## WORK INSTRUCTIONS
For this exercise, write out the full listing that follows exactly and skip its pictures.

## INFORMATION SHOWN
* * * *
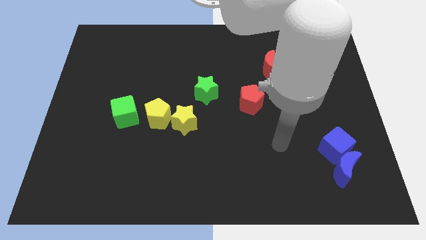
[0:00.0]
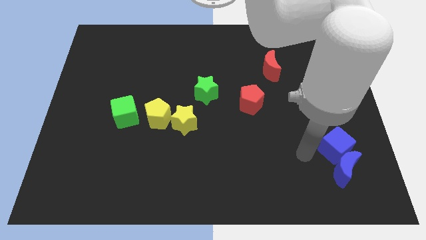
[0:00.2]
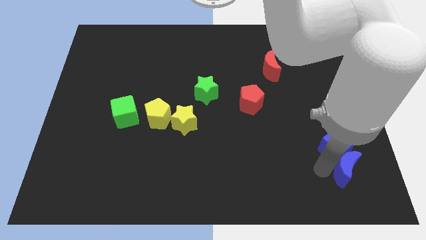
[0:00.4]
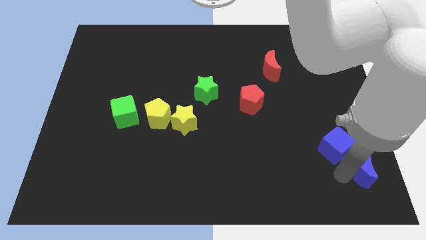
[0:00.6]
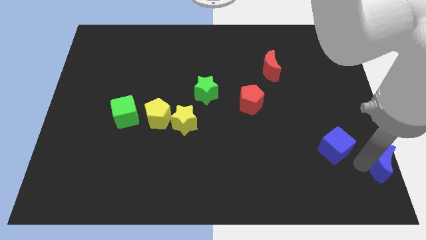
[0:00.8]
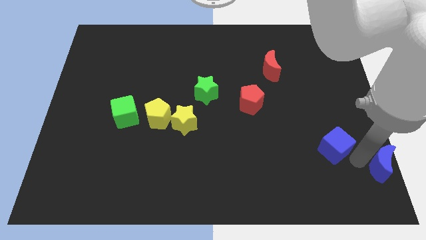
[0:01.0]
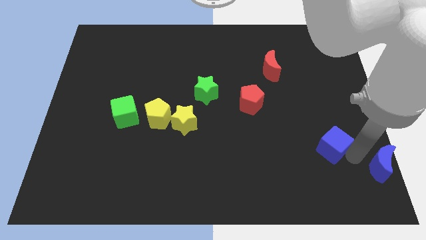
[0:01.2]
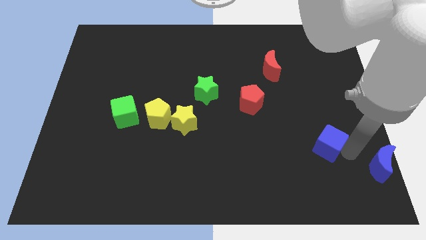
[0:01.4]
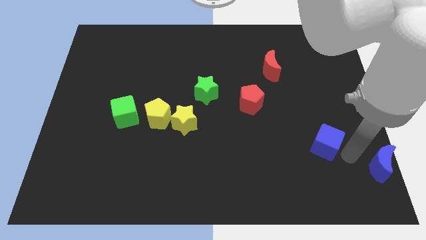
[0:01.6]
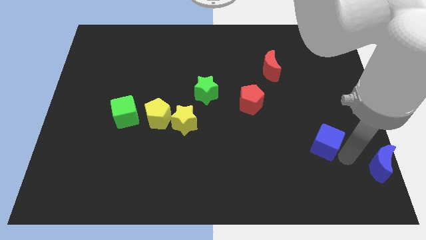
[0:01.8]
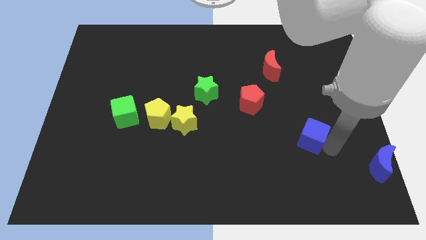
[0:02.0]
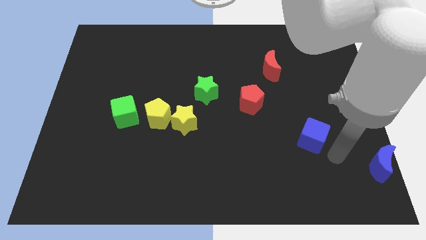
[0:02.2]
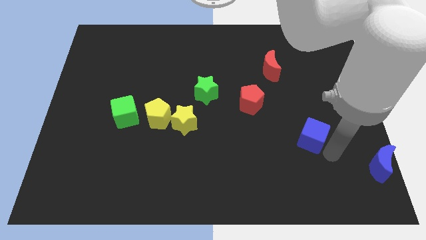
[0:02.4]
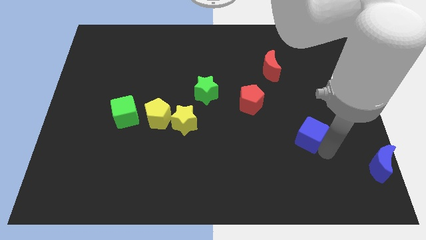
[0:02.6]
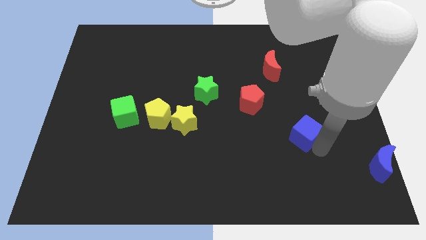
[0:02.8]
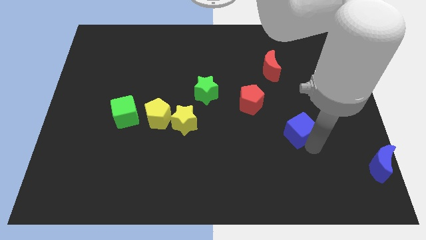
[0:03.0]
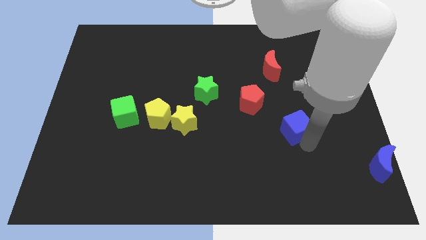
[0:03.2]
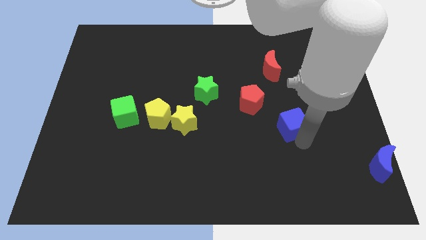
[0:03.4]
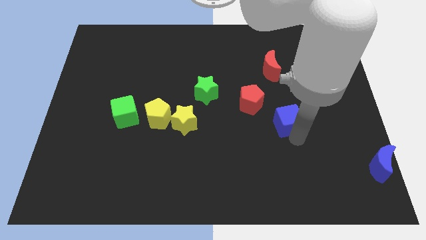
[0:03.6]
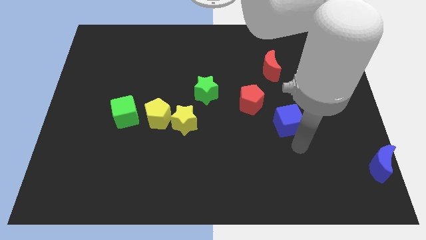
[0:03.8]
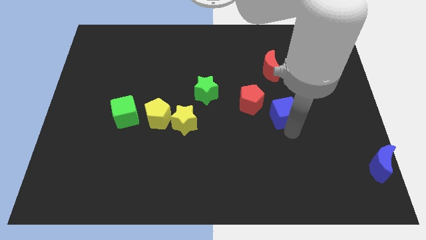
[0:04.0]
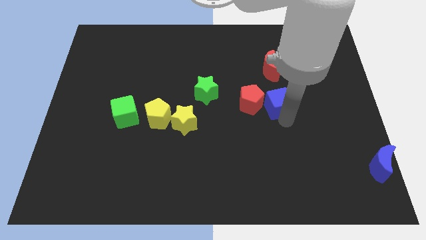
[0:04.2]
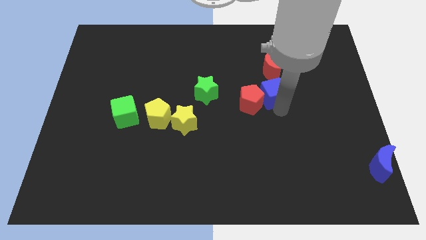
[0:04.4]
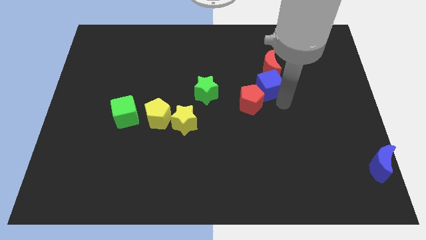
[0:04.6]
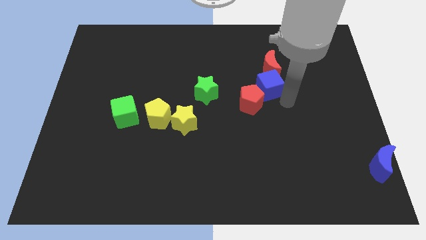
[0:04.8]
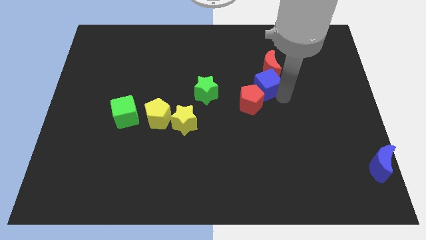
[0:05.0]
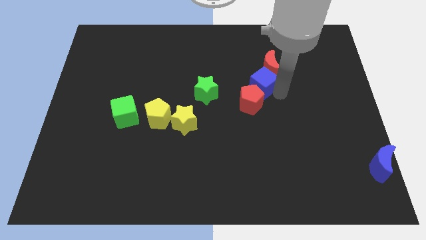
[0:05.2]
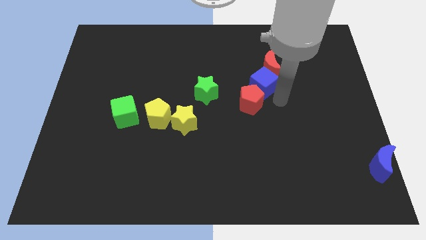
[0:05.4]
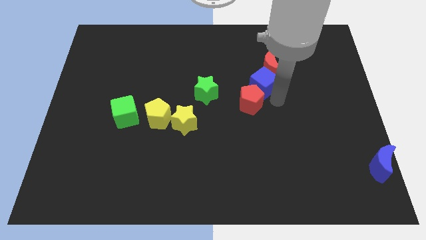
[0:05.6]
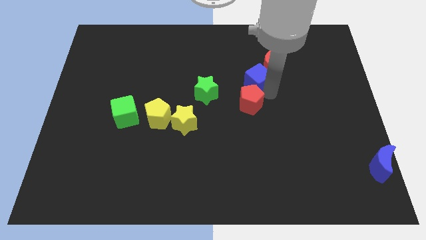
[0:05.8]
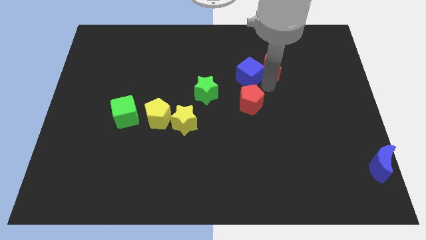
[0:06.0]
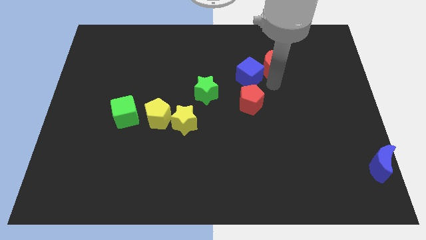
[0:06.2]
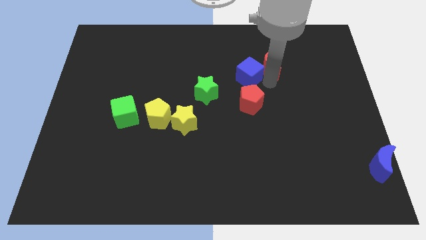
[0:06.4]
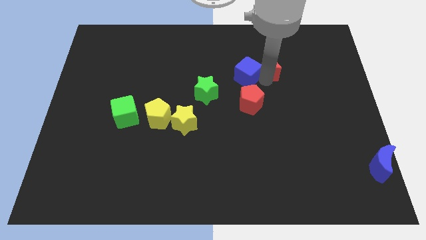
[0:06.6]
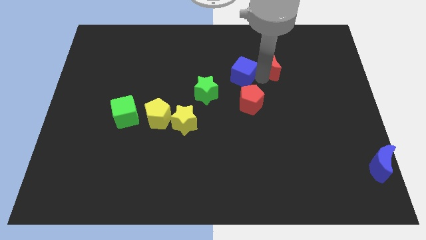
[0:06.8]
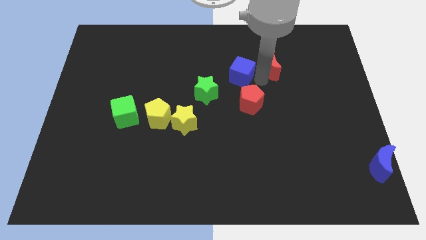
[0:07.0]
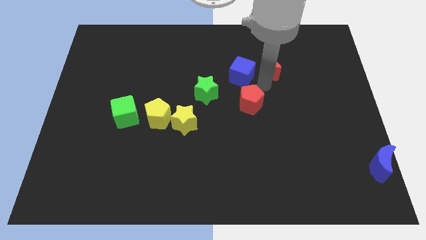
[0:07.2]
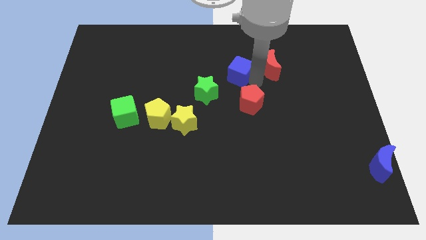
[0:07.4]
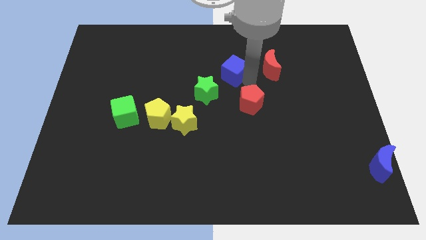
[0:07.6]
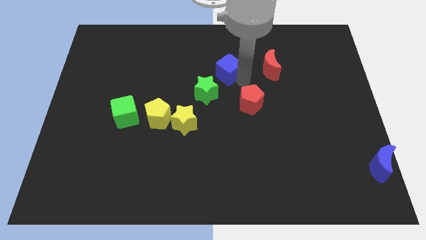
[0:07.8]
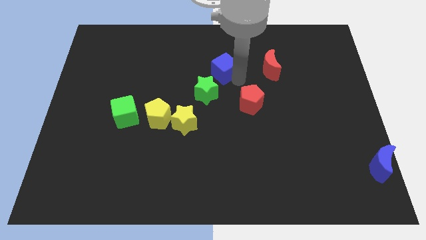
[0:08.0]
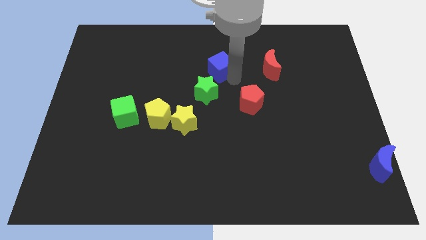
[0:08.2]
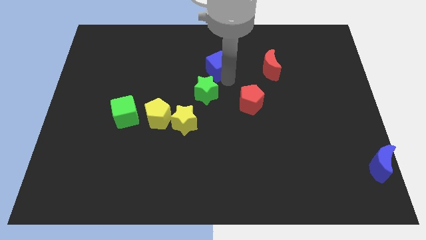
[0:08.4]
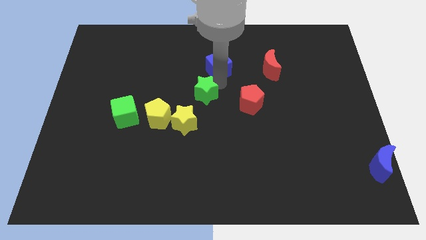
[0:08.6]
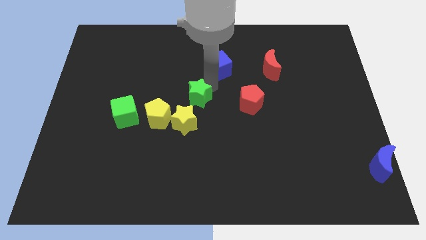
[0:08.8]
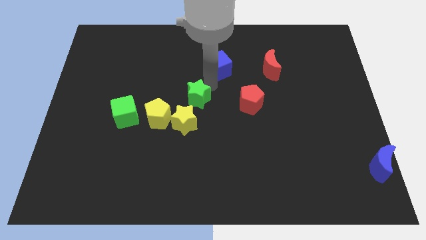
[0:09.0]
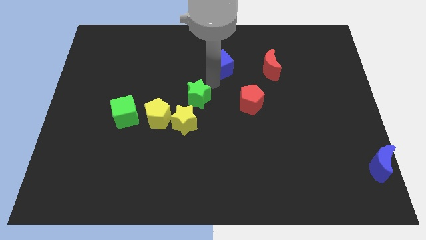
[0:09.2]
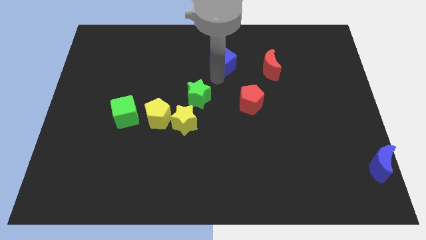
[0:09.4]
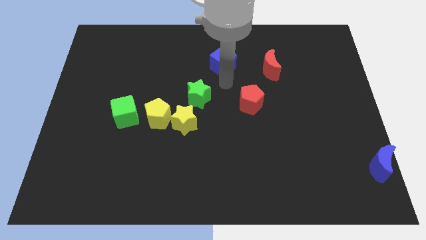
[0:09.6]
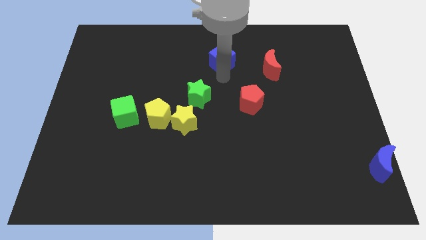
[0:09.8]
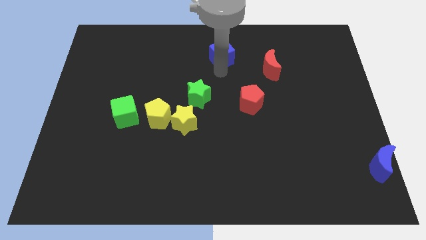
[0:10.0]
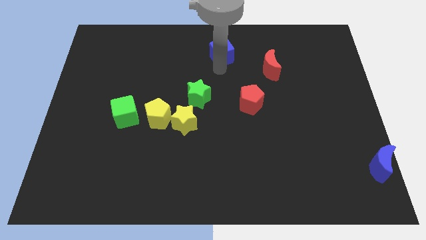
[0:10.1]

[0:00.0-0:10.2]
move the blue cube to the top
* * * *
## RESULT
[0:00.0]
[0:00.2]
[0:00.4]
[0:00.6]
[0:00.8]
[0:01.0]
[0:01.2]
[0:01.4]
[0:01.6]
[0:01.8]
[0:02.0]
[0:02.2]
[0:02.4]
[0:02.6]
[0:02.8]
[0:03.0]
[0:03.2]
[0:03.4]
[0:03.6]
[0:03.8]
[0:04.0]
[0:04.2]
[0:04.4]
[0:04.6]
[0:04.8]
[0:05.0]
[0:05.2]
[0:05.4]
[0:05.6]
[0:05.8]
[0:06.0]
[0:06.2]
[0:06.4]
[0:06.6]
[0:06.8]
[0:07.0]
[0:07.2]
[0:07.4]
[0:07.6]
[0:07.8]
[0:08.0]
[0:08.2]
[0:08.4]
[0:08.6]
[0:08.8]
[0:09.0]
[0:09.2]
[0:09.4]
[0:09.6]
[0:09.8]
[0:10.0]
[0:10.1]

[0:00.0-0:10.2]
move the blue cube to the top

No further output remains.